The topics covered in this lesson are roles and permissions, Confidentiality, Non-repudiation, roles users permissions, and how this all comes together.
The second area I want to
talk about and I’m especially excited to talk about it because I refactored a lot
of code and added support for a lot of this stuff is – roles and permissions and
role management and so an important concept in security is confidentiality
and I hope you’re all familiar with this one basically says that we want the
stuff that should be secret to remain secret and we want to ensure that only
the people who are allowed to access our stuff can
and in ScyllaDB this means that we want to limit who can read certain parts of the
database and another important concept in security is a non-repudiation and
the definition of this is that nobody can refute the state of data but that’s
a little hard to understand I think. What it really means is that we understand
exactly how data came to be the way it is, we understand who did what, when,
what they did and how they did it. And we can be sure of that information
So the combination of defining what exists in the database in terms of describing the
different things that are in there and how we describe and define who can do
what is called authorization, who’s allowed to do what and so we define a
resource is basically an identifier for something in the database and we have a
resource describing a table for example or a keyspace encompassing many tables
or even a particular role, and I’ll get to what a role is in a second, and we
have a certain fixed set of permissions like CREATE or ALTER or SELECT and what
we say is that a particular CQL operation is enabled or allowed given a
particular combination of a resource and permission, so for example if I say Joe
Smith needs to be able to query the events table then I can enable that
functionality by granting the SELECT permission to the events table
to Joe Smith and like with users internally this is just a table in ScyllaDB
and we have columns for a user, a resource and a permission set and so
checking the permissions basically means that first before executing any query we
have to query this permissions table for the combination of the resource and
the permission and identify, excuse me let me go back a little bit, for the user
and the resource, pardon me, identify which permissions have been granted for
that user and that resource and then make sure that the operation that’s being
executed is within that set of permissions and so that means that every
time we execute a query we have to do the second query to check what the
permissions are and you might think that there’s a lot of overhead of doing that
and you’d probably be right so we have a caching there that caches all this stuff
so you don’t have to execute all these additional CQL queries and that cache is
a time-based cache so after certain amount of time the cache will be evicted
and the data will be reloaded and you can configure the time for that at the
user level in the .yml file. And so this is a nice model it works fairly
well but then you start to realize that there are difficulties in practice and
mostly operational so if you have lots of different tables and lots of
different types of data and you have lots of users, then every time you add a
new user you’re gonna have to go through this hassle of adding permissions to the
appropriate things for each one and then the problem is even more
annoying when you want to change permissions you may have to repeat this
change of permissions for many many users and this even describing it to you
now it sends incredibly tedious and as we all know when systems are hard to use
and tedious – laziness usually wins and so what people are frequently do in the
face of systems that are hard to use is they’ll try to subvert them and how
would you subvert a system like this well you probably just have a user like
developer with a password like Nintendo and you give everybody the same username
and password and everybody just uses that and the problem with that, is that
you’re actually subverting and missing the point entirely of using users all
the benefits that we’ve talked about just go out the window because now you
have shared credentials, you don’t have non-repudiation, you don’t know who did
what, you can’t limit access to information, it’s a big mess so we want
to avoid systems where doing the right thing is hard, we want to develop systems
where doing the right thing is out of the hands of people, so a role is a
concept that stems from this idea that if you have a large number of users
they’re probably going to do similar kinds of things, they’re probably going
to have access to the same kinds of data and so what we do is we
extract the set of permissions and resources into a named entity called a
role, so a role is just a collection of
permissions and resources and unlike users we can assign a role to another
role, so let me explain what that means with an example, did I miss a slide…

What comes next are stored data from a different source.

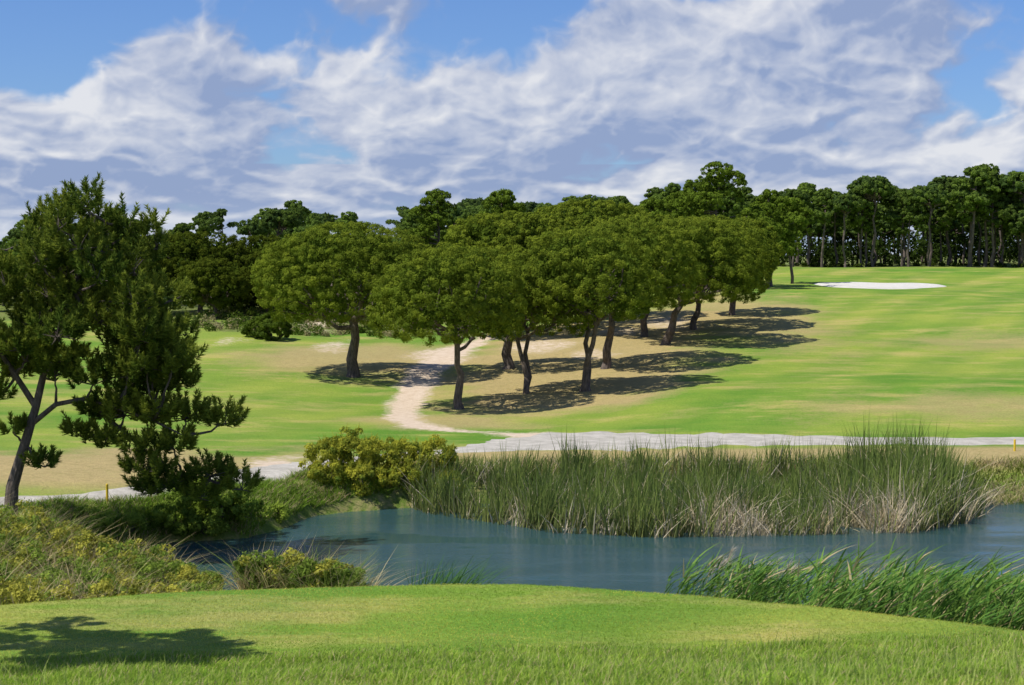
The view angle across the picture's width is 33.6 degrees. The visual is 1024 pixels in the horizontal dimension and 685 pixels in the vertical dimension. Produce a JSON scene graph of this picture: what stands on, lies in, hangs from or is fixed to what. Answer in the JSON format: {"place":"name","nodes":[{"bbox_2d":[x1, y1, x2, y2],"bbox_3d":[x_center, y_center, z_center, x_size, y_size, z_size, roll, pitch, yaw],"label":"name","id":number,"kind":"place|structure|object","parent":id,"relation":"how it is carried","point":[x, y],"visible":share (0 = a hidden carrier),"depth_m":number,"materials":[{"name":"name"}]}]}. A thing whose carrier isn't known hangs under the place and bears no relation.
{"place":"outdoors","nodes":[
{"label":"outdoors","id":0,"kind":"place"},
{"bbox_2d":[18,460,424,543],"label":"shore grass","id":1,"kind":"structure","parent":0,"point":[283,489],"depth_m":60.62,"materials":[{"name":"green plant"}]},
{"bbox_2d":[0,0,1023,255],"bbox_3d":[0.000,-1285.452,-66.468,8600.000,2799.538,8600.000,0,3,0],"label":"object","id":2,"kind":"structure","parent":0,"point":[794,94],"depth_m":4230.90,"materials":[{"name":"white"}]},
{"bbox_2d":[0,255,1023,684],"bbox_3d":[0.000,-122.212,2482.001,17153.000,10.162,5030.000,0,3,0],"label":"ground","id":3,"kind":"structure","parent":0,"point":[804,355],"depth_m":97.01,"materials":[{"name":"green plant"}]},
{"bbox_2d":[106,484,108,503],"bbox_3d":[-14.200,5.411,59.559,0.092,0.950,0.086,0,3,0],"label":"yellow marker stake","id":4,"kind":"object","parent":3,"relation":"on","point":[107,498],"visible":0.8,"depth_m":59.51,"materials":[{"name":"paint"}]},
{"bbox_2d":[79,242,162,298],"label":"stone pine tree","id":5,"kind":"object","parent":3,"relation":"on","point":[113,283],"visible":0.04,"depth_m":155.91,"materials":[{"name":"green plant"}]},
{"bbox_2d":[0,488,243,604],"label":"bank weeds","id":6,"kind":"object","parent":3,"relation":"on","point":[79,570],"visible":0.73,"depth_m":45.79,"materials":[{"name":"green plant"}]},
{"bbox_2d":[0,172,265,514],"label":"maritime pine tree","id":7,"kind":"object","parent":3,"relation":"on","point":[166,354],"visible":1,"depth_m":54.55,"materials":[{"name":"green plant"}]},
{"bbox_2d":[70,497,292,533],"bbox_3d":[-11.516,6.003,59.906,8.818,1.747,2.252,-3,4,-41],"label":"waterside bush","id":8,"kind":"object","parent":3,"relation":"on","point":[133,518],"visible":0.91,"depth_m":58.23,"materials":[{"name":"green plant"}]},
{"bbox_2d":[149,230,252,312],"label":"stone pine tree","id":9,"kind":"object","parent":3,"relation":"on","point":[181,250],"visible":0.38,"depth_m":160.44,"materials":[{"name":"green plant"}]},
{"bbox_2d":[173,257,252,317],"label":"stone pine tree","id":10,"kind":"object","parent":3,"relation":"on","point":[216,288],"visible":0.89,"depth_m":152.00,"materials":[{"name":"green plant"}]},
{"bbox_2d":[153,478,273,535],"bbox_3d":[-10.499,5.624,60.034,4.287,2.337,2.550,-1,3,-18],"label":"waterside bush","id":11,"kind":"object","parent":3,"relation":"on","point":[241,500],"visible":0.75,"depth_m":59.46,"materials":[{"name":"green plant"}]},
{"bbox_2d":[227,234,290,306],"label":"stone pine tree","id":12,"kind":"object","parent":3,"relation":"on","point":[253,240],"visible":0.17,"depth_m":166.68,"materials":[{"name":"green plant"}]},
{"bbox_2d":[241,312,292,340],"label":"dark bush","id":13,"kind":"object","parent":3,"relation":"on","point":[265,328],"visible":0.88,"depth_m":135.54,"materials":[{"name":"green plant"}]},
{"bbox_2d":[233,251,312,311],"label":"stone pine tree","id":14,"kind":"object","parent":3,"relation":"on","point":[250,258],"visible":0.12,"depth_m":158.29,"materials":[{"name":"green plant"}]},
{"bbox_2d":[199,533,434,589],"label":"bank weeds","id":15,"kind":"object","parent":3,"relation":"on","point":[295,568],"visible":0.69,"depth_m":46.88,"materials":[{"name":"green plant"}]},
{"bbox_2d":[276,235,368,313],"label":"stone pine tree","id":16,"kind":"object","parent":3,"relation":"on","point":[325,268],"visible":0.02,"depth_m":156.11,"materials":[{"name":"green plant"}]},
{"bbox_2d":[188,303,503,336],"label":"scrub","id":17,"kind":"object","parent":3,"relation":"on","point":[230,322],"visible":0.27,"depth_m":145.45,"materials":[{"name":"green plant"}]},
{"bbox_2d":[250,221,443,377],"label":"stone pine tree","id":18,"kind":"object","parent":3,"relation":"on","point":[293,286],"visible":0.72,"depth_m":111.66,"materials":[{"name":"green plant"}]},
{"bbox_2d":[298,423,464,496],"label":"waterside bush","id":19,"kind":"object","parent":3,"relation":"on","point":[369,449],"visible":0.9,"depth_m":67.71,"materials":[{"name":"green plant"}]},
{"bbox_2d":[407,188,459,248],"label":"pine tree","id":20,"kind":"object","parent":3,"relation":"on","point":[434,221],"visible":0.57,"depth_m":164.38,"materials":[{"name":"green plant"}]},
{"bbox_2d":[365,243,528,409],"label":"stone pine tree","id":21,"kind":"object","parent":3,"relation":"on","point":[405,311],"visible":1,"depth_m":97.89,"materials":[{"name":"green plant"}]},
{"bbox_2d":[399,547,536,584],"bbox_3d":[-1.318,6.608,46.027,3.295,2.440,3.569,2,4,37],"label":"reed tuft","id":22,"kind":"object","parent":3,"relation":"on","point":[454,580],"visible":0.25,"depth_m":45.87,"materials":[{"name":"green plant"}]},
{"bbox_2d":[446,244,546,369],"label":"stone pine tree","id":23,"kind":"object","parent":3,"relation":"on","point":[508,362],"visible":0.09,"depth_m":117.87,"materials":[{"name":"green plant"}]},
{"bbox_2d":[474,188,526,254],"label":"pine tree","id":24,"kind":"object","parent":3,"relation":"on","point":[502,198],"visible":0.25,"depth_m":161.97,"materials":[{"name":"green plant"}]},
{"bbox_2d":[436,210,584,335],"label":"stone pine tree","id":25,"kind":"object","parent":3,"relation":"on","point":[519,228],"visible":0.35,"depth_m":136.34,"materials":[{"name":"green plant"}]},
{"bbox_2d":[0,163,1023,310],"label":"distant tree line","id":26,"kind":"object","parent":3,"relation":"on","point":[983,207],"visible":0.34,"depth_m":222.52,"materials":[{"name":"green plant"}]},
{"bbox_2d":[478,250,602,393],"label":"stone pine tree","id":27,"kind":"object","parent":3,"relation":"on","point":[561,319],"visible":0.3,"depth_m":104.11,"materials":[{"name":"green plant"}]},
{"bbox_2d":[533,198,646,322],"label":"stone pine tree","id":28,"kind":"object","parent":3,"relation":"on","point":[587,214],"visible":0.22,"depth_m":146.82,"materials":[{"name":"green plant"}]},
{"bbox_2d":[515,226,667,391],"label":"stone pine tree","id":29,"kind":"object","parent":3,"relation":"on","point":[621,260],"visible":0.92,"depth_m":102.80,"materials":[{"name":"green plant"}]},
{"bbox_2d":[567,219,706,368],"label":"stone pine tree","id":30,"kind":"object","parent":3,"relation":"on","point":[668,280],"visible":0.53,"depth_m":113.84,"materials":[{"name":"green plant"}]},
{"bbox_2d":[585,212,714,336],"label":"stone pine tree","id":31,"kind":"object","parent":3,"relation":"on","point":[633,218],"visible":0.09,"depth_m":133.48,"materials":[{"name":"green plant"}]},
{"bbox_2d":[634,197,672,222],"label":"pine tree","id":32,"kind":"object","parent":3,"relation":"on","point":[649,203],"visible":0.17,"depth_m":176.40,"materials":[{"name":"green plant"}]},
{"bbox_2d":[399,450,914,478],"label":"shore grass","id":33,"kind":"structure","parent":3,"relation":"on","point":[476,462],"depth_m":71.79,"materials":[{"name":"green plant"}]},
{"bbox_2d":[653,191,703,216],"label":"pine tree","id":34,"kind":"object","parent":3,"relation":"on","point":[673,195],"visible":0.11,"depth_m":184.69,"materials":[{"name":"green plant"}]},
{"bbox_2d":[626,216,771,344],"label":"stone pine tree","id":35,"kind":"object","parent":3,"relation":"on","point":[733,275],"visible":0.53,"depth_m":124.94,"materials":[{"name":"green plant"}]},
{"bbox_2d":[396,403,1023,537],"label":"reed bed","id":36,"kind":"object","parent":3,"relation":"on","point":[907,489],"visible":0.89,"depth_m":64.33,"materials":[{"name":"green plant"}]},
{"bbox_2d":[666,161,765,218],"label":"pine tree","id":37,"kind":"object","parent":3,"relation":"on","point":[708,192],"visible":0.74,"depth_m":174.51,"materials":[{"name":"green plant"}]},
{"bbox_2d":[673,214,776,329],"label":"stone pine tree","id":38,"kind":"object","parent":3,"relation":"on","point":[770,264],"visible":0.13,"depth_m":138.35,"materials":[{"name":"green plant"}]},
{"bbox_2d":[722,216,785,314],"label":"stone pine tree","id":39,"kind":"object","parent":3,"relation":"on","point":[776,246],"visible":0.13,"depth_m":148.41,"materials":[{"name":"green plant"}]},
{"bbox_2d":[754,214,794,288],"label":"pine tree","id":40,"kind":"object","parent":3,"relation":"on","point":[785,245],"visible":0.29,"depth_m":169.64,"materials":[{"name":"green plant"}]},
{"bbox_2d":[749,188,808,286],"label":"pine tree","id":41,"kind":"object","parent":3,"relation":"on","point":[774,203],"visible":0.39,"depth_m":178.32,"materials":[{"name":"green plant"}]},
{"bbox_2d":[774,197,813,283],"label":"pine tree","id":42,"kind":"object","parent":3,"relation":"on","point":[798,210],"visible":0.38,"depth_m":187.04,"materials":[{"name":"green plant"}]},
{"bbox_2d":[664,535,1023,630],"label":"common reeds","id":43,"kind":"object","parent":3,"relation":"on","point":[971,599],"visible":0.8,"depth_m":35.20,"materials":[{"name":"green plant"}]},
{"bbox_2d":[815,282,945,288],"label":"sand bunker","id":44,"kind":"object","parent":3,"relation":"on","point":[868,285],"visible":1,"depth_m":184.41},
{"bbox_2d":[959,453,1023,505],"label":"shore grass","id":45,"kind":"structure","parent":3,"relation":"on","point":[1010,465],"depth_m":70.68,"materials":[{"name":"green plant"}]},
{"bbox_2d":[0,623,1023,684],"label":"rough grass","id":46,"kind":"structure","parent":0,"point":[698,666],"depth_m":20.48,"materials":[{"name":"green plant"}]},
{"bbox_2d":[0,583,1023,668],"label":"tee grass","id":47,"kind":"structure","parent":0,"point":[392,631],"depth_m":27.11,"materials":[{"name":"green plant"}]},
{"bbox_2d":[0,431,1023,507],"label":"cart path","id":48,"kind":"structure","parent":0,"point":[545,440],"depth_m":80.74,"materials":[{"name":"grey concrete"}]},
{"bbox_2d":[128,499,1023,613],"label":"pond water","id":49,"kind":"structure","parent":0,"point":[583,558],"depth_m":57.88,"materials":[{"name":"teal liquid"}]}
]}

okay I’m gonna just go backwards after.. So for example, all the analysts at our
company are gonna be assigned the role analyst and all analysts need to be able
to query the customers table and Joe. Smith is an analyst so we’re gonna grant
him the analyst role and that means that. Joe Smith inherits all the roles that
have been granted, excuse me, all the permissions that have been granted to
the analyst role and now let me go backwards, so you may be asking well what
about users and the interesting thing is that all users are roles rules are a
generalization of users, I’d like to think that users are just roles that can
login to the system so there’s a login flag when
if you allow a role to log in, I call it a user but otherwise it’s a role but
really roles encompass users roles are the abstraction that we want
to be thinking about here so implementing roles is you know
it required lots of implementation changes to the code and refactoring in
restructuring but that’s not really what. I want to talk about, the most important
thing is that logically roles and their relationship to each other are form a
directed graph and you can see in this example here that I have the Joe Smith
user that the Tim Jones user and I have two roles analyst and team_lead and I’m
gonna grant analyst to jsmith, jsmith is an analyst and
Tim is a team_lead but also I want the team_lead to have all the permissions of
analyst and so what that means is when we think about our graph that’s formed
we see that an edge from one node to another implies that that node is a
member of another node so jsmith is a member of analyst so jsmith is an
analyst and so if we want to identify the roles of all the roles of a
particular user or particular role we can just follow the
graph so tjones is a team_lead and is an analyst so we’re just following and
so we can’t go any more and so what we do is we we implement this directed
graph representation again in a table in. CQL and we just do that as
a collect association from node to node with edges and what’s very nice
about this feature of roles is that once we actually enforce the difference
between a user who is an individual and identity and a function which is like
what they’re doing what they’re actually doing with the database is now we get
access to a whole lot of nice security features in addition to functionality
features which I’ll which Avi alluded to and I’ll mention again in a second so
one of them is auditing, and auditing is the means by which we can record who’s
doing what at any time to the database.. We can track who is issuing queries
which tables are affected, the IP address the date, the time and this is a feature
that’s available in the enterprise edition of ScyllaDB and you can
produce this information output it into. ScyllaDB internal tables or syslog and
it’s very configurable and it’s very fine-grained and if you don’t employ a
proper separation between users and roles, you don’t get to benefit from this
information because you’re going to be reflecting very broad information that’s
not particularly useful. So this is a very very small example from our
documentation. I think the formatting is a little bit
off, I’m sorry about that, but you can see that tjones dropped the
team_roster from the NBA and I hear they’re really angry that
Before I go on,I did want to allude to what Avi mentioned earlier in his
keynote this notion of roles as being the way that we interact with the
database rather than being tied to a particular user because a user can
inherit a role, means that when we talk about features like role based SLAs
or different kinds of workflows based on
particular needs, we can actually use roles to talk about this and
implement this internally, so if we for example have an analytics workflow and a
real-time workflow then maybe we can define an analytic role and do all our
analytics with queries with that role and then we can ascribe or
define certain performance characteristics of that role of queries
executed by that role and having this model allows us to manage
things like different access patterns in the database in ways that we really
couldn’t do before when we had this broad notion of users, because how do you
deal with an analytics user you can only have one user at a time in the database
for a given session. So this is very useful and important stuff that
actually has performance implications as well